Письмо девятнадцатое,

которое не надо читать. Оно написано Алей, когда она заболела, бумага для письма попалась линованная, а письмо самое лучшее во всей книге, но его не надо читать, поэтому оно перечеркнуто.

О чем можно писать на этой ученической бумаге?

Только не считай ошибок и не ставь баллов. Сжевала три аспирина, выпила удивительное количество разных горячих вещей, гуляла по квартире босиком в шубе, разговаривала с кем-то по телефону, ела селедку с картошкой, долго ничего не делала, а теперь пишу тебе.

К этой женщине, когда она тебе позвонила, ты прибежал рысцой. Кокет или гадость, или то и другое вместе!

Если бы ты был женщиной, то мой так называемый Вертхейм оказался бы мелочной лавочкой рядом с твоим предприятием. Но твоя любовная инерция меня немного пугает. Прямо жутко. Ты кричишь, раздражаешься на собственный голос и еще пуще кричишь.
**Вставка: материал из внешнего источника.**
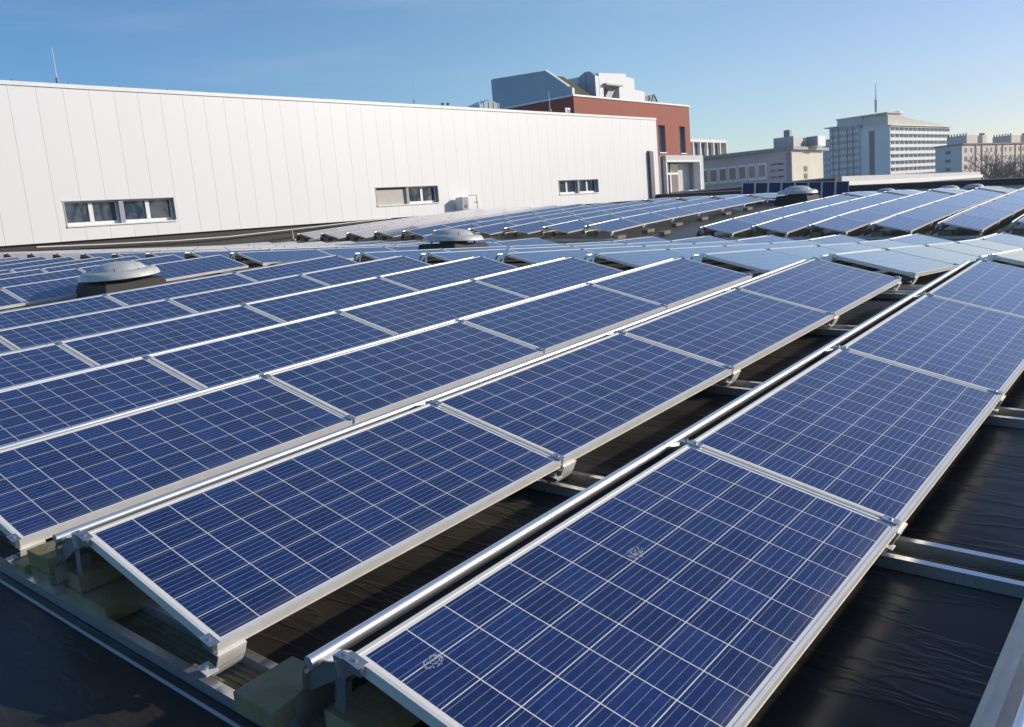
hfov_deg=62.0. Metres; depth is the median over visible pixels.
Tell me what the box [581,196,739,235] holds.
wind deflector
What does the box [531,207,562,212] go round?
solar panel
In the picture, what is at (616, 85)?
white rooftop volume
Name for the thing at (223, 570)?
solar panel
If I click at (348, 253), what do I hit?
solar panel
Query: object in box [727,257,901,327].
solar panel
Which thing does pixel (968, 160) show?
bare tree
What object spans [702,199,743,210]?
solar panel
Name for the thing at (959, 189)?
solar panel
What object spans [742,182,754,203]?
standing panel
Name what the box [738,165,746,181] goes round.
window
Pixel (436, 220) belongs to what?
solar panel
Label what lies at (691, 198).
solar panel
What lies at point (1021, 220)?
solar panel
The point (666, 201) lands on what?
solar panel
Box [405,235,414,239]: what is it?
ballast block
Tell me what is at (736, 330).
solar panel
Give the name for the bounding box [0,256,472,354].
wind deflector
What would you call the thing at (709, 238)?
solar panel
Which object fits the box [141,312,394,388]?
solar panel
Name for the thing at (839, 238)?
solar panel
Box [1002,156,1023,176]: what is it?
bare tree
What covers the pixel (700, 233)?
wind deflector
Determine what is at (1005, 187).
solar panel
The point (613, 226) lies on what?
solar panel
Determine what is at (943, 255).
solar panel
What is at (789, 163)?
office building
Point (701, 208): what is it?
solar panel
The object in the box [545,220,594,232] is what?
solar panel
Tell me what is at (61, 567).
wind deflector
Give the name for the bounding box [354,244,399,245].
solar panel
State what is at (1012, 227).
wind deflector
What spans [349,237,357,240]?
ballast block
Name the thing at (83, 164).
white building
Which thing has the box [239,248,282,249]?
solar panel
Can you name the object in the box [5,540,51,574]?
ballast block
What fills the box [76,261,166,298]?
roof vent
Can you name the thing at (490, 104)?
roof lantern
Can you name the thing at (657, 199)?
solar panel
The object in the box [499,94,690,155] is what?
red building
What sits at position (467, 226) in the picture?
solar panel
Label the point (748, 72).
sky
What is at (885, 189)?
skylight dome
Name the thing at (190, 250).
solar panel
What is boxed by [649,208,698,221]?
solar panel
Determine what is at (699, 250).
solar panel
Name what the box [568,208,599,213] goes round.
solar panel
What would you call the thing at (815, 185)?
standing panel
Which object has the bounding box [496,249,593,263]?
solar panel
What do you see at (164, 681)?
cable
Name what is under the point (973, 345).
solar panel
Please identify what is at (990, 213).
solar panel
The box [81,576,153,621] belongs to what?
ballast block
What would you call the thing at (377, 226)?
solar panel
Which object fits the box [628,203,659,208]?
solar panel
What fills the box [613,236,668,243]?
solar panel
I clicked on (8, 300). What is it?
solar panel
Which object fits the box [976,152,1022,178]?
bare tree
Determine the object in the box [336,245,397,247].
solar panel
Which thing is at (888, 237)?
mounting rail
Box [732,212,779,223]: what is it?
solar panel
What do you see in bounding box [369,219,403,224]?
solar panel
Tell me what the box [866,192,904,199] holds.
solar panel
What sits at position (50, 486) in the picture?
solar panel
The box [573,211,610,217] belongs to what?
solar panel
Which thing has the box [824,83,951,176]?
tower block
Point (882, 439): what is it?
solar panel
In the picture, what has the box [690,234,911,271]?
wind deflector
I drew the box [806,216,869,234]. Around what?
solar panel
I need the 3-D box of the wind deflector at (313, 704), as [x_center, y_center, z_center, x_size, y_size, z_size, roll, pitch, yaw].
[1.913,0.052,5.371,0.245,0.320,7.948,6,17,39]
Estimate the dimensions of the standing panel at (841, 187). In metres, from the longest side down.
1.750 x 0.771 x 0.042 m
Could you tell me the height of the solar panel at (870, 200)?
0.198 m
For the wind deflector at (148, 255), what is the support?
on the roof
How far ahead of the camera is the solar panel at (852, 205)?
28.87 m
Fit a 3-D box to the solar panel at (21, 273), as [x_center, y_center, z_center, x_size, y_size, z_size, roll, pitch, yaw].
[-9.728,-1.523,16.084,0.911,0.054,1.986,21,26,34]
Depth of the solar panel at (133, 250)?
25.67 m
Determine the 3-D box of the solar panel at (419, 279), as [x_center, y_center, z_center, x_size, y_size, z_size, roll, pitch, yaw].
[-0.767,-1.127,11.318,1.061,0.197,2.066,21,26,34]
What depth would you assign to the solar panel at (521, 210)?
40.39 m
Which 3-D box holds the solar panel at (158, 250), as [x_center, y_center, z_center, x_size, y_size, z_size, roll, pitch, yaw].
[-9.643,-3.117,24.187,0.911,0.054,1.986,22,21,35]
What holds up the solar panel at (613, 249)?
on the roof
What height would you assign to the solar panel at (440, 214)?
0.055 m
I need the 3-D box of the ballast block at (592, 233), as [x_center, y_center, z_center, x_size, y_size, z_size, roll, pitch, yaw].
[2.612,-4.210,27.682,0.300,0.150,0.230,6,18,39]
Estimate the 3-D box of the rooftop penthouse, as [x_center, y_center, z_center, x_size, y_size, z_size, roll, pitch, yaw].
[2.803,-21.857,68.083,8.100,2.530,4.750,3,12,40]
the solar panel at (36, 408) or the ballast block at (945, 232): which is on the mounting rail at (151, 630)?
the solar panel at (36, 408)
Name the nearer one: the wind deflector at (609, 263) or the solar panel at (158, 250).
the wind deflector at (609, 263)
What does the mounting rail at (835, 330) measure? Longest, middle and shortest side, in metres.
12.418 x 0.206 x 0.055 m
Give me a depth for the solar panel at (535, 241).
23.69 m
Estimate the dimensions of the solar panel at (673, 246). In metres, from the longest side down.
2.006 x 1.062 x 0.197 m
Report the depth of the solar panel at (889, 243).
15.74 m
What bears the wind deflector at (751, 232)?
on the roof
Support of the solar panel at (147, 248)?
on the roof
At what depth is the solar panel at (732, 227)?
25.28 m
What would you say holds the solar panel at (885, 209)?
on the roof
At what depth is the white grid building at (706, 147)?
147.28 m
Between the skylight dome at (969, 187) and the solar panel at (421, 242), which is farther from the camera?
the skylight dome at (969, 187)
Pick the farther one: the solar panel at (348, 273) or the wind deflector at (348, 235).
the wind deflector at (348, 235)
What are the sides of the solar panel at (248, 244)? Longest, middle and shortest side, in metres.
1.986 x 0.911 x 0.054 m
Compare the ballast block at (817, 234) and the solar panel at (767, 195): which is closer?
the ballast block at (817, 234)
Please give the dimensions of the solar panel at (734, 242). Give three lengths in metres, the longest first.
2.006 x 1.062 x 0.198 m
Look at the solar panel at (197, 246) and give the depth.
30.52 m
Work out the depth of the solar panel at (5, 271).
17.90 m
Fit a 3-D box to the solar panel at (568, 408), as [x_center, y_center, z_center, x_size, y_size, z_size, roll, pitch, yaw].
[0.451,0.190,5.338,1.061,0.198,2.006,21,26,34]
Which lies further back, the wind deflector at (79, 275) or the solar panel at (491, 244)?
the solar panel at (491, 244)
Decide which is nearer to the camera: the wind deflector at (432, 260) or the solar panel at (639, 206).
the wind deflector at (432, 260)
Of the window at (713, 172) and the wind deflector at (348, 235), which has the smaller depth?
the wind deflector at (348, 235)
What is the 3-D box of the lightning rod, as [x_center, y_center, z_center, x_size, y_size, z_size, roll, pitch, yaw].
[-17.834,-11.636,33.252,0.120,1.336,0.126,3,12,40]
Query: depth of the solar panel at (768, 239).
19.36 m
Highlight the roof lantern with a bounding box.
[468,100,498,108]
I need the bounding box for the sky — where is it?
[0,0,1023,170]
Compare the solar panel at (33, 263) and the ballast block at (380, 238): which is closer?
the solar panel at (33, 263)
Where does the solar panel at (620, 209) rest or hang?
on the roof
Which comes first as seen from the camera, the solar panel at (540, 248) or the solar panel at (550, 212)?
the solar panel at (540, 248)
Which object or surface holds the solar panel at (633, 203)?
on the roof
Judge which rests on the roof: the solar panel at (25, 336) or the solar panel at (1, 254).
the solar panel at (1, 254)
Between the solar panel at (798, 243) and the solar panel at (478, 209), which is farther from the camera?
the solar panel at (478, 209)
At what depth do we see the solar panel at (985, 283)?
7.11 m
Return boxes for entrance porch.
[658,155,703,193]
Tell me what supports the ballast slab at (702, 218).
on the roof
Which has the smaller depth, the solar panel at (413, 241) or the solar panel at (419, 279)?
the solar panel at (419, 279)
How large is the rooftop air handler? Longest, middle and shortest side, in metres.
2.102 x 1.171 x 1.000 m
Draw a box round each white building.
[0,79,659,251]
[670,172,982,192]
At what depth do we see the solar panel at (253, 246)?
28.47 m
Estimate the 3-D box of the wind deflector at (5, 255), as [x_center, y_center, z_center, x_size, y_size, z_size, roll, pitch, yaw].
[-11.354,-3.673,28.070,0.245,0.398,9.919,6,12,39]
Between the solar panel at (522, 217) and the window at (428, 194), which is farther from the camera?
the window at (428, 194)
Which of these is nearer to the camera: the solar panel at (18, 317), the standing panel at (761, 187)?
the solar panel at (18, 317)
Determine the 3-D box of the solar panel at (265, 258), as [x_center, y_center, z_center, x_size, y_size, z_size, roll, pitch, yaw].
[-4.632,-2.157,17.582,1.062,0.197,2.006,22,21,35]
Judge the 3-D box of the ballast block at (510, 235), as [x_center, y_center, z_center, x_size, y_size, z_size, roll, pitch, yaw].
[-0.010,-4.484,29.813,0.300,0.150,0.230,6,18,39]
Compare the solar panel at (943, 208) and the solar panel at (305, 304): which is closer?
the solar panel at (305, 304)
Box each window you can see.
[62,197,177,227]
[375,185,439,206]
[558,179,598,194]
[658,125,666,152]
[679,126,686,153]
[704,169,708,184]
[709,168,718,184]
[718,167,727,183]
[728,166,737,182]
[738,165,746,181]
[747,164,756,180]
[757,163,766,179]
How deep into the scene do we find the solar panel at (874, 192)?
36.45 m
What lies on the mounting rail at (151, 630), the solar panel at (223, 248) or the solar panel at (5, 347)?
the solar panel at (5, 347)
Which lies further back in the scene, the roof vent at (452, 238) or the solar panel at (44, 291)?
the roof vent at (452, 238)
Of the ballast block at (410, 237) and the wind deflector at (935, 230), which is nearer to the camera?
the wind deflector at (935, 230)
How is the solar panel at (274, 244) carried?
on the roof
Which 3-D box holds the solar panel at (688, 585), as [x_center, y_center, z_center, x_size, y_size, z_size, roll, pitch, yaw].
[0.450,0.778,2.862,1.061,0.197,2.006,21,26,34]
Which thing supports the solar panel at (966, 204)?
on the roof
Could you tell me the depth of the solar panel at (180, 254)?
19.43 m
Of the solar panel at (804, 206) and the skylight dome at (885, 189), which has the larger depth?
the skylight dome at (885, 189)
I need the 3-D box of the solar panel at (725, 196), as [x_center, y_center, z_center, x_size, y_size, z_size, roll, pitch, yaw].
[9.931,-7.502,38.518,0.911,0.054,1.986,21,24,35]
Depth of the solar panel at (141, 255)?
20.34 m
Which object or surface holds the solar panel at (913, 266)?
on the roof
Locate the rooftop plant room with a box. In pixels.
[773,130,802,147]
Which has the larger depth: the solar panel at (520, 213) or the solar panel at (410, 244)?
the solar panel at (520, 213)
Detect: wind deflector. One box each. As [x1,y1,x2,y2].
[0,256,396,329]
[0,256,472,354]
[0,257,563,390]
[0,258,672,449]
[1,255,330,311]
[2,255,213,287]
[3,242,283,257]
[3,255,164,278]
[4,256,126,273]
[27,242,307,257]
[53,241,344,257]
[53,259,804,595]
[80,241,370,258]
[111,240,412,257]
[145,242,416,257]
[184,238,488,258]
[229,238,529,265]
[291,260,969,726]
[296,209,470,240]
[320,208,494,240]
[345,207,518,240]
[354,237,642,261]
[373,205,549,239]
[401,204,573,238]
[419,236,703,264]
[432,203,601,234]
[467,201,634,234]
[495,235,766,266]
[501,199,669,236]
[540,198,700,235]
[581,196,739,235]
[584,235,833,270]
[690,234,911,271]
[696,194,838,236]
[746,193,774,199]
[747,193,879,236]
[803,191,925,236]
[820,233,996,271]
[864,189,973,235]
[930,187,1023,235]
[970,599,1023,726]
[978,248,1023,267]
[1005,214,1023,232]
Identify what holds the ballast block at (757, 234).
on the roof
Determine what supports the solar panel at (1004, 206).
on the roof
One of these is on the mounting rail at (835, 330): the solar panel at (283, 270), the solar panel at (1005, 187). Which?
the solar panel at (283, 270)
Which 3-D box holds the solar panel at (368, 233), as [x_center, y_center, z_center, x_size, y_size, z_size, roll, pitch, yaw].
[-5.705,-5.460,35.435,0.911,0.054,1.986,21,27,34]
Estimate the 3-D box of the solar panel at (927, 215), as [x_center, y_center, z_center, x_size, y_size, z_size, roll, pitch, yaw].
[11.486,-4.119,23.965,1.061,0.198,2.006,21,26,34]
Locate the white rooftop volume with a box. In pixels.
[567,73,644,100]
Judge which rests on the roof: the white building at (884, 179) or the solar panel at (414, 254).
the solar panel at (414, 254)
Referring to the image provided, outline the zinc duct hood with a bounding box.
[578,71,599,96]
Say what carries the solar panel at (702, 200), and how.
on the roof
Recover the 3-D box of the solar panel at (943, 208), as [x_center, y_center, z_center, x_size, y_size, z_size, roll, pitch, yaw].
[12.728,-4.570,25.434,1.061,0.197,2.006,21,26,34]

А ну как ты по инерции объяснишься в любви чему-нибудь совершенно неподходящему? Не злись только.

Сшей себе новый костюм, и чтобы было шесть рубашек — три в стирке, три у тебя, галстук я тебе подарю, чисти сапоги.

А со мной говори о книгах, я буду стоять на задних лапках совсем вертикально и слушаться.

Теперь буду спать. Неужели я заболею и завтра не смогу танцевать?

Такой хороший англичанин и танцор (два равноценных достоинства). Неужели заболею?

Такой холод. Мне нужны ботики или автомобиль.

Заложить душу дьяволу? Может быть, и не худо в закладе.

Вчера целый день думала о моей кормилице Стеше.

Я вот думаю и уезжаю в обратную сторону на трамвае, — потом плачу.

Я больше похожа на Стешу, чем на маму. Стеша белая и розовая, полная, хохотунья, совершенно незлобивая и любит мужской пол. Оттого не раз была кормилицей.

Каждый раз, как в Воспитательный идти, приходила к папе — денег нет.

Папа ее ругает, что она с того негодяя не взяла.

— Бог с ним, барин!

Меня она любит, как дочь родную. Двухмесячную кормила меня щами и как-то отравила, сама наевшись косточек от вишневого варенья, которое варили на даче. Когда я подросла, приходила ко мне с гостинцами, стояла и говорила «вы»; когда народ уходил, садилась со мной чай пить и говорила «ты». Когда я совсем большая выросла, стала я понимать ее веселый нрав. «У моей барыни подруга живет, не пойму я — ровно как монашки!» А сама хохочет и такая вся теплая, Стешей от нее пахнет, как в ее деревянном сундуке, когда она крышку поднимает: ситцем и яблоками. Нос кверху, глазки хитрые.

Кухарка считала, что ко мне ходит слишком много молодых людей, и думала, что за прикрытой дверью происходят безобразия. «Что ты, — говорит, — Стеша, ты вот, говорят, незаконного ребенка прижила, а разве они себя до этого доводят!»

Как-то служила она в очень богатом доме. В доме случилась кража.

Как всегда, Стеша к папе в слезах, что ее в участок волокут.

Папа ее спрашивает:

— А ты где была, когда кража случилась?

— В Ново-Девичьем монастыре, у монашки в гостях.

— Вот ты и скажи, тебя и отпустят.

— Что вы, барин, монашку в такое дело путать!

Так и не сказала ни за что, сидела в тюрьме сколько-то, потом воры нашлись, и ее выпустили.

Зато, когда после революции мама ее уговаривала идти голосовать, она сказала, что после этой истории с серебряными ложками ее в участок калачом не заманишь.

На мою свадьбу ей давно-давно было обещано шелковое платье.

Так она его и не получила…

Даже сон прошел, так я ее люблю, Стешу.

Целую, милый, только бы не разболеться.

Аля

За что я на тебя со Стешей обрушилась?